**Data records**.
::::
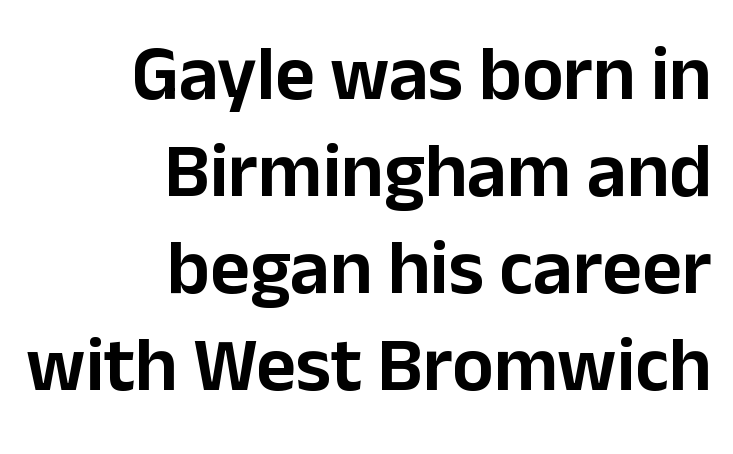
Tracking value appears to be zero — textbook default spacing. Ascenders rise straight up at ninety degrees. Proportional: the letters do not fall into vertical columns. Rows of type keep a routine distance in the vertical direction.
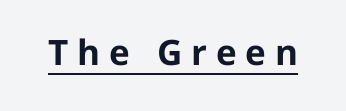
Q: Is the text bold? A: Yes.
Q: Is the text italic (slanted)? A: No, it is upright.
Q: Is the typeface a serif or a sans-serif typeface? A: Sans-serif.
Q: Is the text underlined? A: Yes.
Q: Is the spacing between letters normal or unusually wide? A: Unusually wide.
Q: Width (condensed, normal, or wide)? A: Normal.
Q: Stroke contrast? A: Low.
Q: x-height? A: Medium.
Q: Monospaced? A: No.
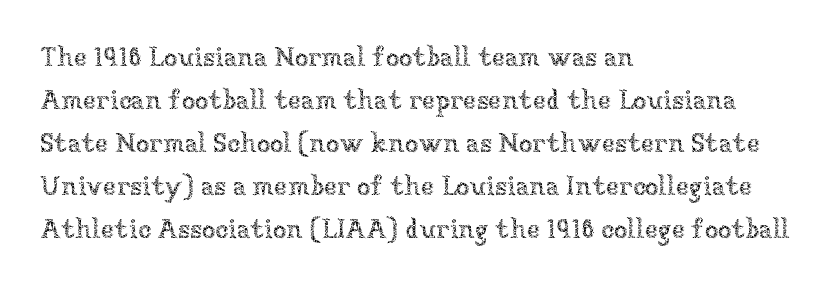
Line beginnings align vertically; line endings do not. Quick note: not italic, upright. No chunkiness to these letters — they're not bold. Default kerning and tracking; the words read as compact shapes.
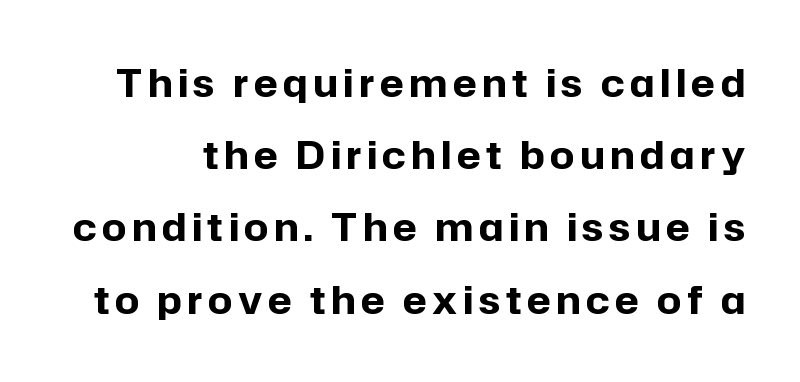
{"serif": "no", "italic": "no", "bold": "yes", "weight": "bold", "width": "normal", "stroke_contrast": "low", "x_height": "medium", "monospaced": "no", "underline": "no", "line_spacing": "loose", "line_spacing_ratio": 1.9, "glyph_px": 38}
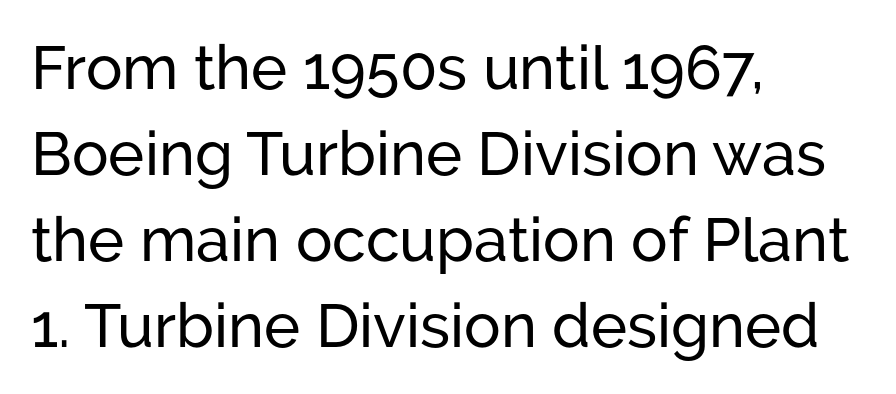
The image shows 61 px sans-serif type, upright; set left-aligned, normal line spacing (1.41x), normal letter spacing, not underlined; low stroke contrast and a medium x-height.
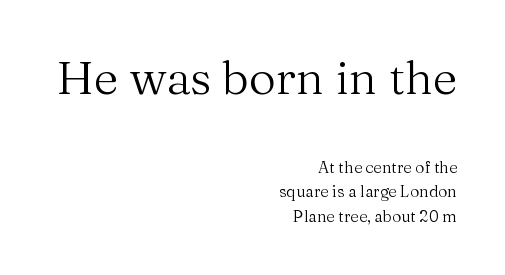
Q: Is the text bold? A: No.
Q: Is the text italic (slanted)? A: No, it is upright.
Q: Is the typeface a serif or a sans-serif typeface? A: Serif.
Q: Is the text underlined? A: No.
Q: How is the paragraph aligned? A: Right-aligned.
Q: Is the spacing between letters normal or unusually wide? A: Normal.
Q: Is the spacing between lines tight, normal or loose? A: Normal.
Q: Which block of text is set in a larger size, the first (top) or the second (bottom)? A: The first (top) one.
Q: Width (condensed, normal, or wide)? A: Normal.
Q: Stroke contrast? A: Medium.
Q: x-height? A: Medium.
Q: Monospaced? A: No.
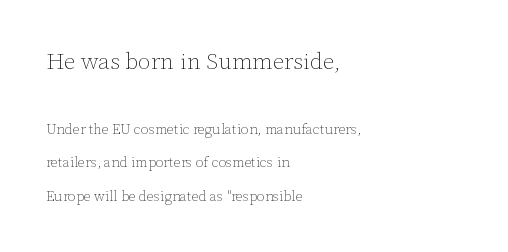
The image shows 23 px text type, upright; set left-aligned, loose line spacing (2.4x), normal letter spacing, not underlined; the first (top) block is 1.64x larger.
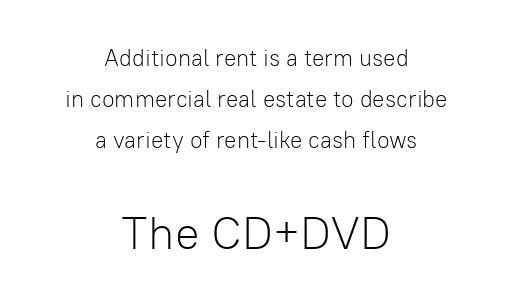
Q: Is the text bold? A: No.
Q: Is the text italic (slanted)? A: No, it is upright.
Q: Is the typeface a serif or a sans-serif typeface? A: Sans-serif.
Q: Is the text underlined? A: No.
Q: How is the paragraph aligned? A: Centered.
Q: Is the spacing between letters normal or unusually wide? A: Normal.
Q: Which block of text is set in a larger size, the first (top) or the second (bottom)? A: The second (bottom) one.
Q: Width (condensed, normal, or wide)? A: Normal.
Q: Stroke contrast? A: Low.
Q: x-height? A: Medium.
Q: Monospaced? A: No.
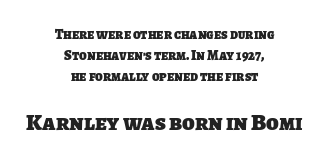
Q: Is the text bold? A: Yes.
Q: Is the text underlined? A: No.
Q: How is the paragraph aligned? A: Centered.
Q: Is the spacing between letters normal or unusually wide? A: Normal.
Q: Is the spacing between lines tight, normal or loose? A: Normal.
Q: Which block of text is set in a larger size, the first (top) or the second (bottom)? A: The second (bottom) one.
::::
The count of lines in the records above holding the word "larger" should be reported as a number, with nothing added.

4